The same is true for more complex projects where configuration will someday be king. The shared infrastructure package provides utilities for deploying directly via S3 and Cloudfront. It takes care of:
- Creating an S3 bucket with proper security settings
- Setting up CloudFront with Origin Access Control
- Requesting and validating an SSL certificate
- Configuring cache behaviors for different asset types
- Invalidating the cache on every deployment
When you need configuration beyond what you expect from a utility, simply eject and create your own resources with the same Pulumi name.
The Trade-offs
It's not all upside. Monorepos have costs.
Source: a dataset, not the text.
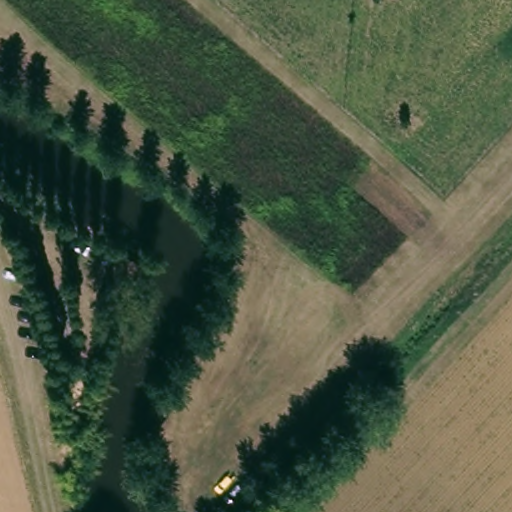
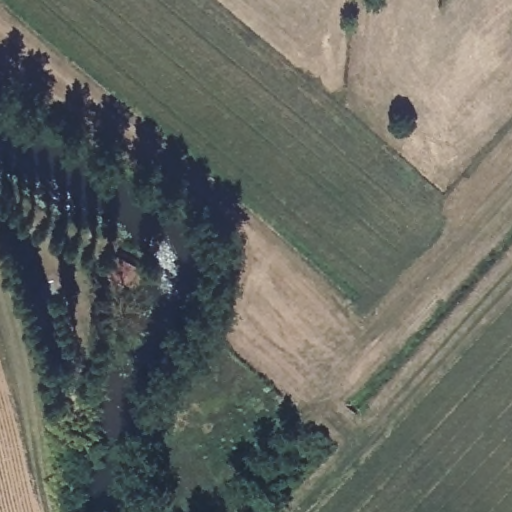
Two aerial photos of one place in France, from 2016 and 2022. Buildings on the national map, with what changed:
unchanged [(112,252),(144,265),(134,295),(104,278),(112,252)]

IDE performance can suffer with large repos. I haven't hit this yet, but I'm aware it's coming.
Build times can grow. Turborepo helps here. I only rebuild what changed.
Cognitive overhead is real. New contributors need to understand the structure before they can be productive.
Dependency management gets tricky. A dependency update in a shared package affects every project that uses it.
For my use case (one developer, multiple small projects, shared infrastructure patterns) the trade-offs are worth it. For a team of 50 working on a single product, a polyrepo might make more sense.
Conclusion
The monorepo isn't about following a trend. It's about reducing the friction of shipping. When I have an idea for a new project, I don't want to spend a day setting up infrastructure. I want to write code and deploy it.
The anti-magic philosophy means I understand what's happening. When something breaks, I can fix it. When I need something different, I can build it. I'm not waiting for a vendor to add a feature or fix a bug.
It's more work upfront. But the compound interest of shared infrastructure pays off every time I ship something new.